- Traditional Chinese: 殺破狼
- Simplified Chinese: 杀破狼
- Hanyu Pinyin: Shā Pò Láng
- Genre: Historical Political Adventure
- Based on: Sha Po Lang by Priest
- Directed by: Zhou Yuanzhou
- Starring: Tan Jianci Chen Zheyuan Li Hongyi Sun Anke
- Country of origin: China
- Original language: Mandarin
- No. of seasons: 1
- No. of episodes: 45

Production
- Producers: Qi Shuai Ma Zhongjun Han Hao
- Production locations: Xiangshan Film and Television Town Hengdian World Studios
- Production companies: Tencent Penguin Pictures Ciwen Media Yi De Culture Wit & Key

Original release
- Network: Tencent Video

= Winner Is King =

Chinese television series

Winner Is King (杀破狼 (Shā Pò Láng)) is an upcoming Chinese television series based on the BL historical Web novel Sha Po Lang by Priest starring Tan Jianci, Chen Zheyuan, Li Hongyi, and Sun Anke. The series is expected to air on Tencent Video with 45 episodes.

==Synopsis==
In the age of the Great Liang dynasty, the Kingdom of Northern Xuan gained a short reprieve after a war. Chang Geng (Chen Zheyuan), who resides in a small town, was attacked by a pack of wolves during an outing but was saved by Shen Shiliu (Tan Jianci). To repay his kindness, Chang Geng acknowledges him as his foster-father. The enemy forces, the Heavenly Wolf tribe, waited for an opportunity to invade and set off a war. In a critical moment, Chang Geng discovers that he is the fourth prince of Northern Xuan, and Shen Shiliu is Gu Yun, the commander of Xuan Tie army. Gu Yun defeated the Heavenly Wolf tribe and escorted Chang Geng to the capital city.

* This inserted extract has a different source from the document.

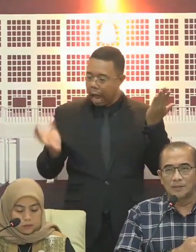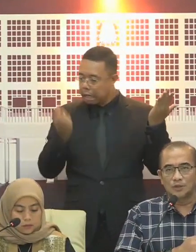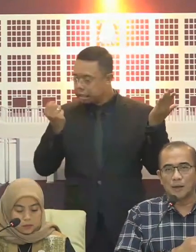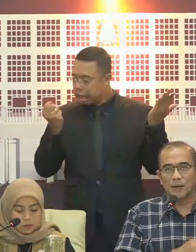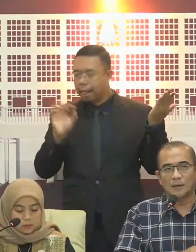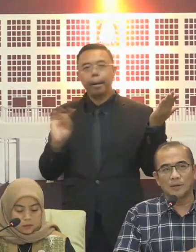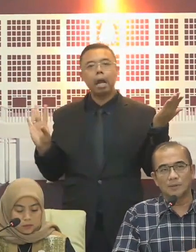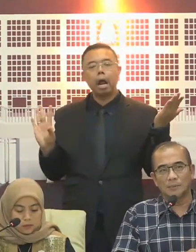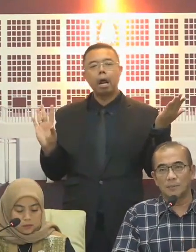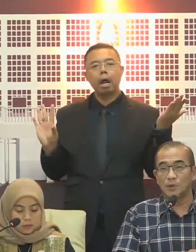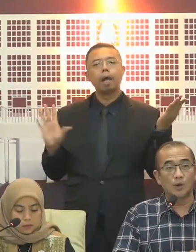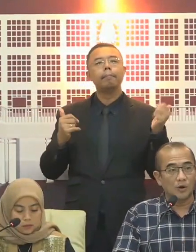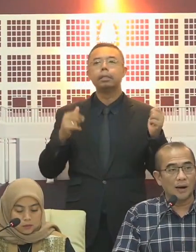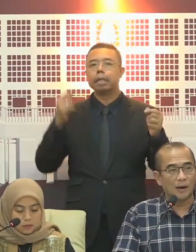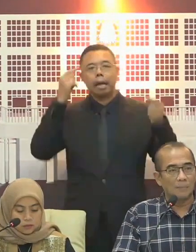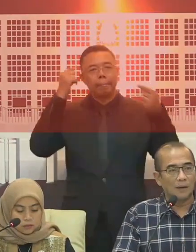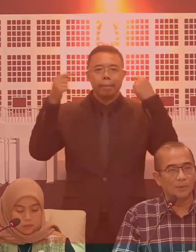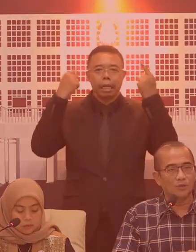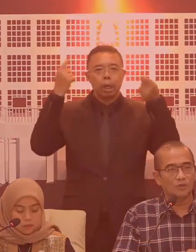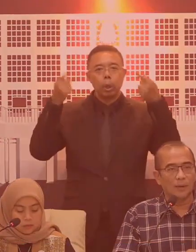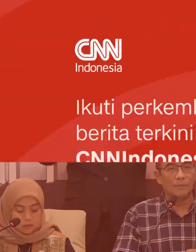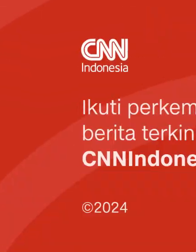sesuai kan kemudian bisa membingungkan orang.

The current Emperor of Northern Xuan passes away, and Li Feng ascended the throne as the new Emperor. However, his foundation is not yet stable. The ambitious Prince of Wei is eyeing his throne and saw this as an opportunity to create a crisis. Li Feng, wary of Gu Yun's military prowess, sends Gu Yun to guard the borders. Chang Geng also chose to join the Lin Yuan Pavilion and followed the experts of the pavilion around the world to travel and experience life. After several years, he grew up into a someone with lofty ambitions and a talent for governing. At this time, Northern Xuan faces both internal and external problems. Chang Geng returns to the capital and uses his knowledge and newfound skills to assist the Emperor in securing his reign. However, problems continuously pour in, such as rebellion by the inner court officials, assassination of Li Feng and attack of Jiang Nan by external forces. At last, Chang Geng manages to ascend the throne and resurrect Northern Bei, fulfilling his vision of world peace.

==Cast==
=== Main ===
- Tan Jianci as Gu Yun / Shen Shiliu
- Chen Zheyuan as Chang Geng / Li Min
- Li Hongyi as Shen Yi
- Sun Anke as Chen Qingxu

==Production==
In December 2019, Ciwen Media announced that the script has already been completed. It would retain the elements of steampunk in the novel, such as Mecha, giant kites and Heavy iron. The series began filming in Xiangshan Film and Television Town in July 2020. It is directed by Zhou Yuanzhou, who also directed the 2018 series Guardian.